Mitral valve prolapse was a functional mechanism probably related to the peculiar left ventricular geometry or the ventricular volume [10]. Such prolapse was first described by Jeresaty [11] in 1971 as possibly related not to intrinsic abnormality, but to a small left ventricular volume. This observation was made in patients with hypertrophic cardiomyopathy, and the concept of prolapse as a functional phenomenon (secondary), as opposed to its being for a myxomatous valve (primary) was proposed. In 1975, a similar mechanism was suggested by Criley and Kissel [12] to occur in patients with ASD. Their explanation was that the relatively small ventricle, in the presence of a left-to-right shunt at atrial level, could induce mitral valve prolapse by systolic apposition of the subvalvular apparatus to the mitral valve ring.
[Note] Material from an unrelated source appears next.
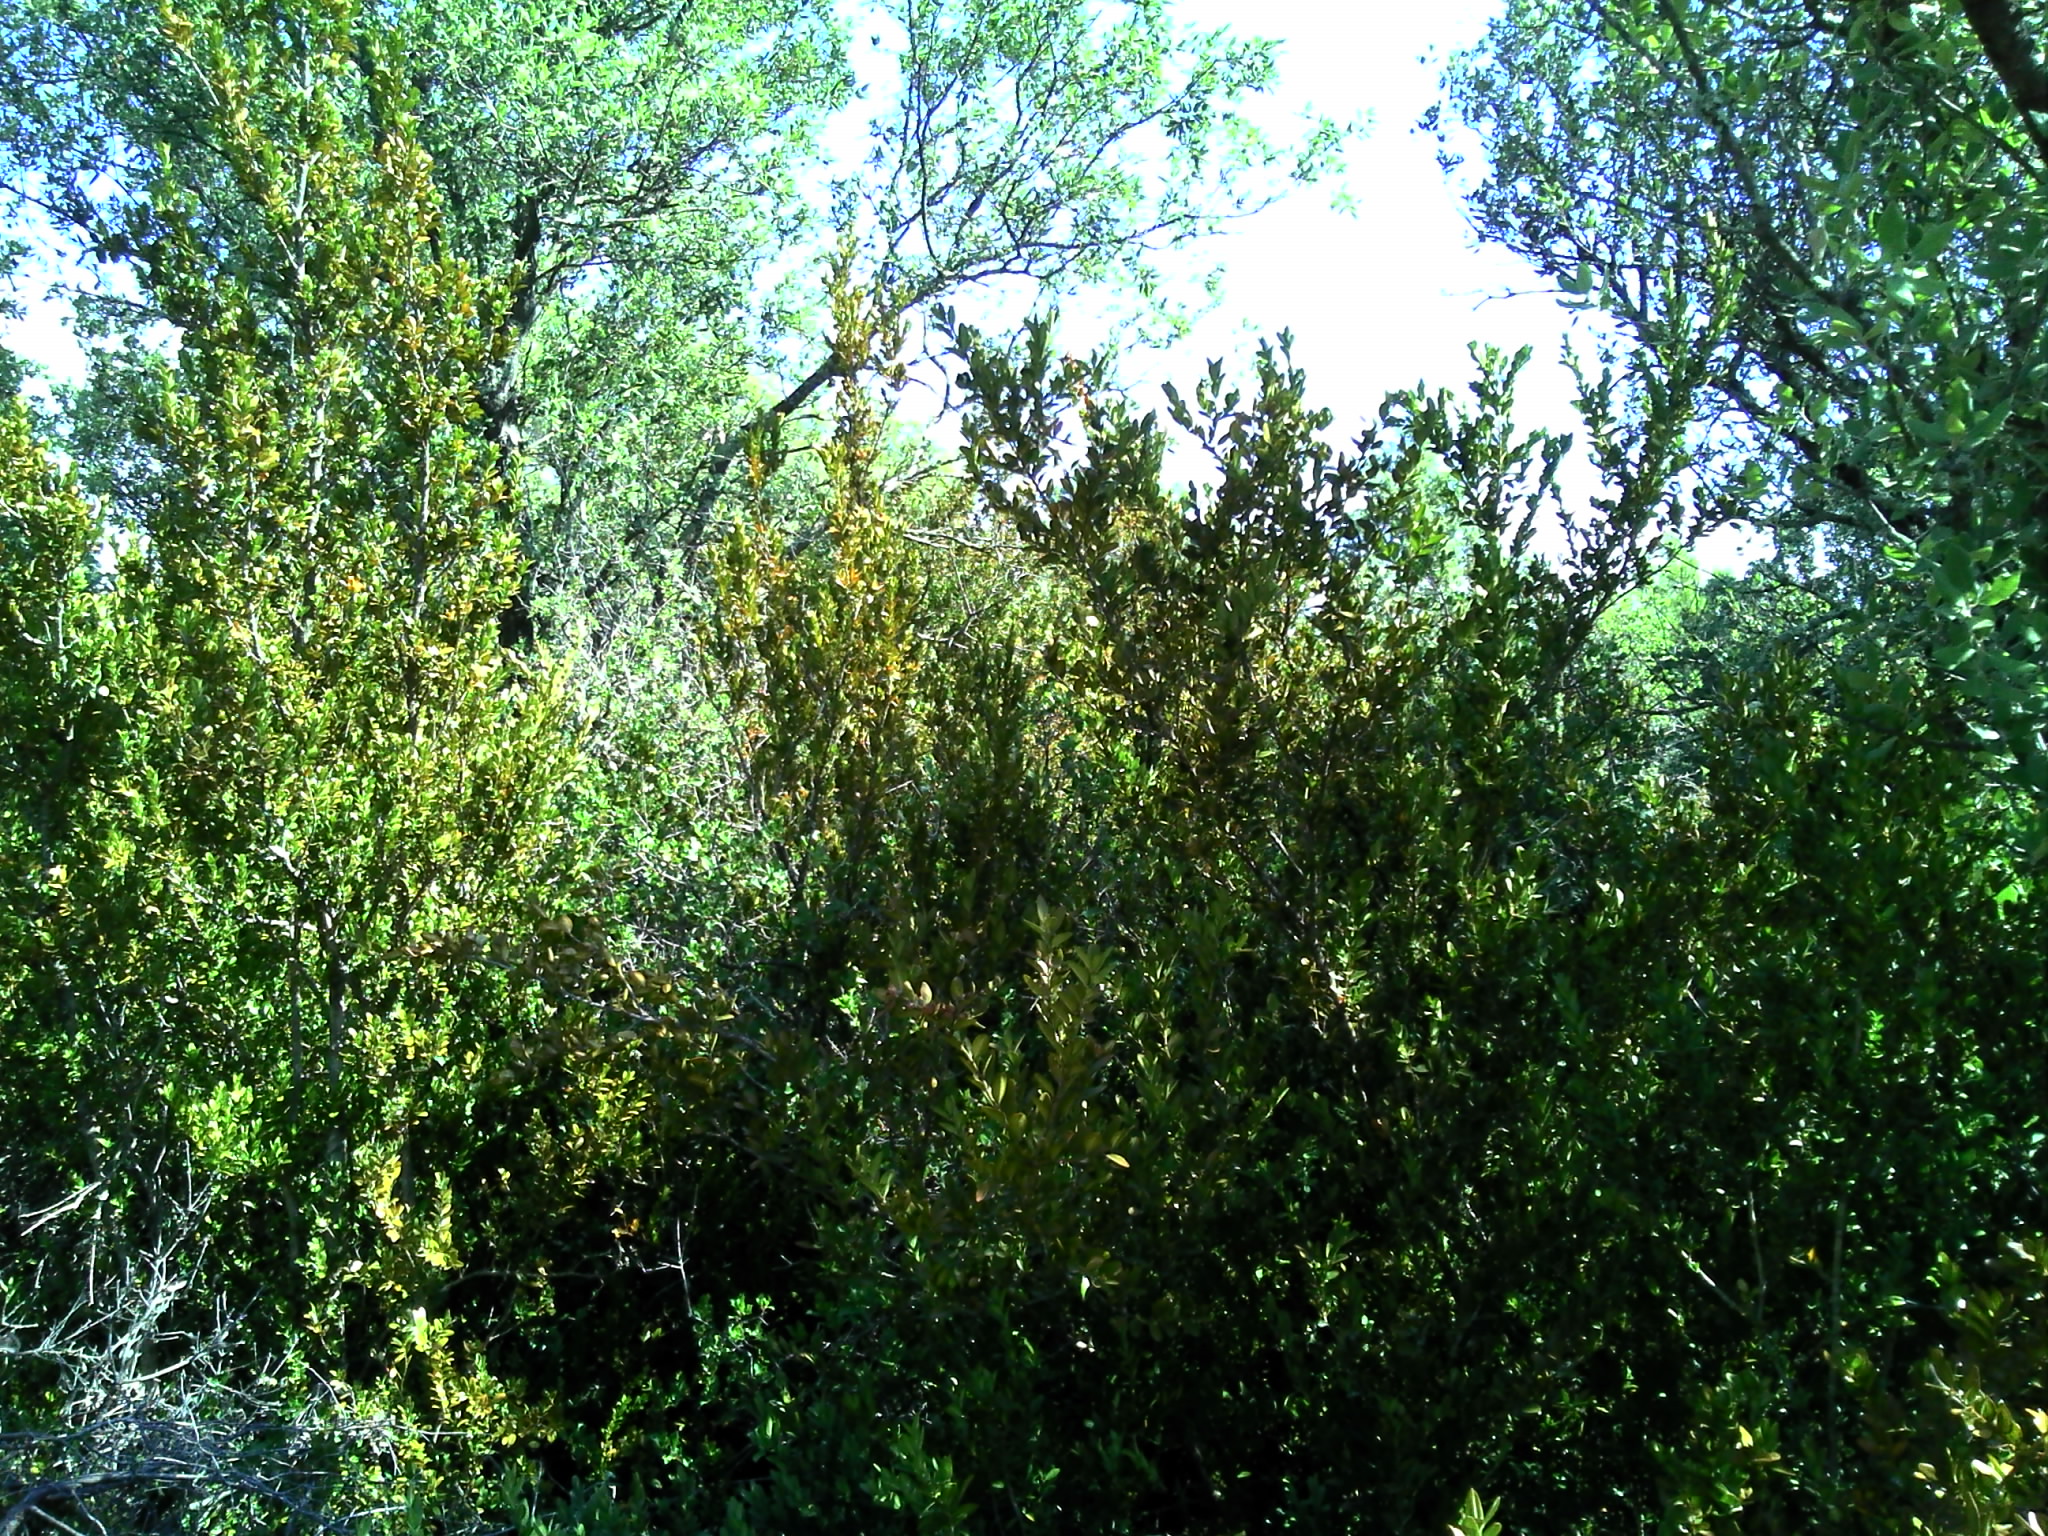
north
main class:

Of interest was another study that attributed attenuation or disappearance of echocardiographic mitral valve prolapse in patients following repair of ASD alone to altered postoperative left ventricular geometry [13]. Boucher and associates also suggested that the etiology of MI in association with ASD might be different from that of classic isolated mitral valve prolapse. Despite a reported high incidence of mitral valve prolapse in ASD, clinically significant MI was generally found in the older patients. These mitral valves were usually thick and fibrotic, suggesting either a rheumatic or chronic degenerative process rather than the anticipated progressive billowing and attenuation involved in classic valve prolapse [6]. On the other hand, Joy and associates [5] proved, by macro- and microscopic studies on mitral lesions of 50 patients associated with secundum ASD, that MS was commonly a sequela of mitral valvulitis, and that some patients with isolated MI or mitral prolapse also have post-inflammatory lesions in the valve. Mitral valve prolapse could thus also be a result of a chronic rheumatic process.

In view of the young age (three years) and the operative findings of the present case, MI should be of congenital origin in this particular case. Regardless of the mechanism involved, surgical correction of MI in association of ASD in this young age group still poses some technical difficulties. Although mitral annuloplasty was performed for this particular patient, long-term follow-up is needed to assess the result of the present repair.